Menstrual cramps can be debilitating and annoying. Menstrual pains are due to an increase in the level of prostaglandins, which causes uterine contractions. These contractions cause bleeding from the uterine wall. Vitamin D reduces the production of prostaglandins. In one study, women with primary dysmenorrhea and low vitamin D levels, taking high doses of vitamin D once a week reduced pain intensity for 8 weeks during treatment and 1 month after treatment. Women who took vitamin D had less need to take pain medication to relieve menstrual pain. You can ask your doctor to measure your vitamin D level by doing a blood test.

 

Calcium is a nutrient that everyone needs, but most women do not get enough calcium.

Calcium is a nutrient that everyone needs, but most women don’t get enough of it. We need calcium not only to have healthy bones but also for the proper functioning of the heart, muscles and nervous system. Adequate intake of calcium can help relieve menstrual cramps. In one study, women who took a supplement containing 1,000 milligrams of calcium from the 15th day of their period until the pain stopped in subsequent cycles experienced less severe pain compared to a placebo group. Include low-fat dairy products, calcium-enriched orange juice, canned sardines and salmon, and other calcium-rich foods in your diet.

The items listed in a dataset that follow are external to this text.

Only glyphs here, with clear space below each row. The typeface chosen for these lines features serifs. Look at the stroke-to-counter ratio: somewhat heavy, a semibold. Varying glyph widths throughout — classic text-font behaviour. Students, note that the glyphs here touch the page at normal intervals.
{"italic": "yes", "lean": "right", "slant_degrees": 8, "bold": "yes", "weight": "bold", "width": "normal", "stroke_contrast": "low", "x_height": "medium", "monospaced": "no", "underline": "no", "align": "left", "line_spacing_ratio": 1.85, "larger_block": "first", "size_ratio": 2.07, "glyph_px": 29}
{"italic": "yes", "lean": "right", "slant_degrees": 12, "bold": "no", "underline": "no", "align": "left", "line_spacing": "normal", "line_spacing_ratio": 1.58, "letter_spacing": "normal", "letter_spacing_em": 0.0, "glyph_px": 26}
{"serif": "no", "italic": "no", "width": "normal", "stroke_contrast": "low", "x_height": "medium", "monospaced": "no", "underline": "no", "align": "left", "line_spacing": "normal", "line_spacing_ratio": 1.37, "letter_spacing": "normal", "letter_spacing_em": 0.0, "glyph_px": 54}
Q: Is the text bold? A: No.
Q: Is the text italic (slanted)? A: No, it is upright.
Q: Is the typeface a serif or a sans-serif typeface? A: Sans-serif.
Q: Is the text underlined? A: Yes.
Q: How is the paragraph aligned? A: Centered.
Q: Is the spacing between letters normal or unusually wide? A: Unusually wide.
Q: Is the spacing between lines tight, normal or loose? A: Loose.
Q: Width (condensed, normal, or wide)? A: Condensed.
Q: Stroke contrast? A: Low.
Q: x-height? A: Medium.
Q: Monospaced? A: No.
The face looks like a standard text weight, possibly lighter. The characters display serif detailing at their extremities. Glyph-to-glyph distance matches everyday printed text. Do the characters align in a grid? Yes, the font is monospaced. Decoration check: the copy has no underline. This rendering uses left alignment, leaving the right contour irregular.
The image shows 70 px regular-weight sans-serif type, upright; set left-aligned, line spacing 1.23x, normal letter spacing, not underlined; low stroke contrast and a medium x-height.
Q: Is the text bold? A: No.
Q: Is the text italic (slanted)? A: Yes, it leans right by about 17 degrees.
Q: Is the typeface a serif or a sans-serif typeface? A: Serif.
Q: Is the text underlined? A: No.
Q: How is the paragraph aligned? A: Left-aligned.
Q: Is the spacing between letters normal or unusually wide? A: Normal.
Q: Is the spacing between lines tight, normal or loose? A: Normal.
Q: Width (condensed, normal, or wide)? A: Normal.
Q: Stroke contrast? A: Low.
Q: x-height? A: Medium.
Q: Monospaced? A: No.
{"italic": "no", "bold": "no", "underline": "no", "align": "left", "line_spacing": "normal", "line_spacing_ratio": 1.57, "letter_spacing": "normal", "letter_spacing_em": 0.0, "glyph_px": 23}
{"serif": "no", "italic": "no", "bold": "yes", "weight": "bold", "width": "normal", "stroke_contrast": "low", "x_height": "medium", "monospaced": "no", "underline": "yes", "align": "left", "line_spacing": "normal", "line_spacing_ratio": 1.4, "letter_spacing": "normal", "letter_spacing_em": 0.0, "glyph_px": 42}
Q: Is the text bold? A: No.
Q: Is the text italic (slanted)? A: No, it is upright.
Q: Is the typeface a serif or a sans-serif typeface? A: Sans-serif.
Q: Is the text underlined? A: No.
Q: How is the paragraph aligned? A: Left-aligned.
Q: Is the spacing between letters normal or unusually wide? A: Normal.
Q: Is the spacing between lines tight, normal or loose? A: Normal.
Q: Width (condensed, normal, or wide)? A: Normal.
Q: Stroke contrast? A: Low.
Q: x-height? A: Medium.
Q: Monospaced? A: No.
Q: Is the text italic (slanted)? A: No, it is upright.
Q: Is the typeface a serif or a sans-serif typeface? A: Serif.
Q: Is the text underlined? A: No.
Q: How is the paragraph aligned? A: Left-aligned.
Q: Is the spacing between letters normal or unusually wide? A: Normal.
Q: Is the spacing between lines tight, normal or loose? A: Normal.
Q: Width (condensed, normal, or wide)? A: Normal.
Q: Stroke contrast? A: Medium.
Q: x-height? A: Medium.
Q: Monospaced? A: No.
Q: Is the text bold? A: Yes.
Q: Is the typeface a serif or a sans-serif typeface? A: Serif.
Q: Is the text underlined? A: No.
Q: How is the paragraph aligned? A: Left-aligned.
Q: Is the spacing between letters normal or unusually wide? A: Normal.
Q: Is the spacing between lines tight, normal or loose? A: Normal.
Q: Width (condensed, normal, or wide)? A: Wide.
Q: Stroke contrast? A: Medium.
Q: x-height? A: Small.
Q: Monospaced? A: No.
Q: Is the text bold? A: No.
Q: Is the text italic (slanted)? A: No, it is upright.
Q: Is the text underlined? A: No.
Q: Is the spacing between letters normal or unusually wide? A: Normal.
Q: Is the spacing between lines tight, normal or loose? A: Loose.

Dates fruits are one of the fruits that provide the body with vitamins A, B, C, E along with minerals including phosphorus, calcium, iron and magnesium.

 

Benefits of magnesium for women

Magnesium is an essential mineral that the body needs. Magnesium is an essential mineral that the body needs for the metabolism of more than 300 enzyme systems. Magnesium is essential for building healthy muscles, protein and bones. Your body needs magnesium for proper muscle and nerve function, blood pressure regulation, and blood sugar control. Magnesium is necessary for making DNA and RNA and making glutathione, which is one of the dominant antioxidants in the body. Magnesium can help relieve PMS symptoms, especially when taken with vitamin B6. One study found that women who took 250 mg of magnesium and 40 mg of vitamin B6 experienced fewer PMS symptoms. Be aware that magnesium can interfere with the action of medications such as antibiotics, proton pump inhibitors, diuretics, and bisphosphonates. To make sure magnesium is safe and appropriate, consult your doctor or pharmacist. Adequate magnesium intake is associated with a reduced risk of endometriosis. Sources of magnesium include peanuts, spinach, cashews and black beans. Young women should eat between 310 and 400 milligrams of magnesium per day, depending on their age and whether they are pregnant or breastfeeding.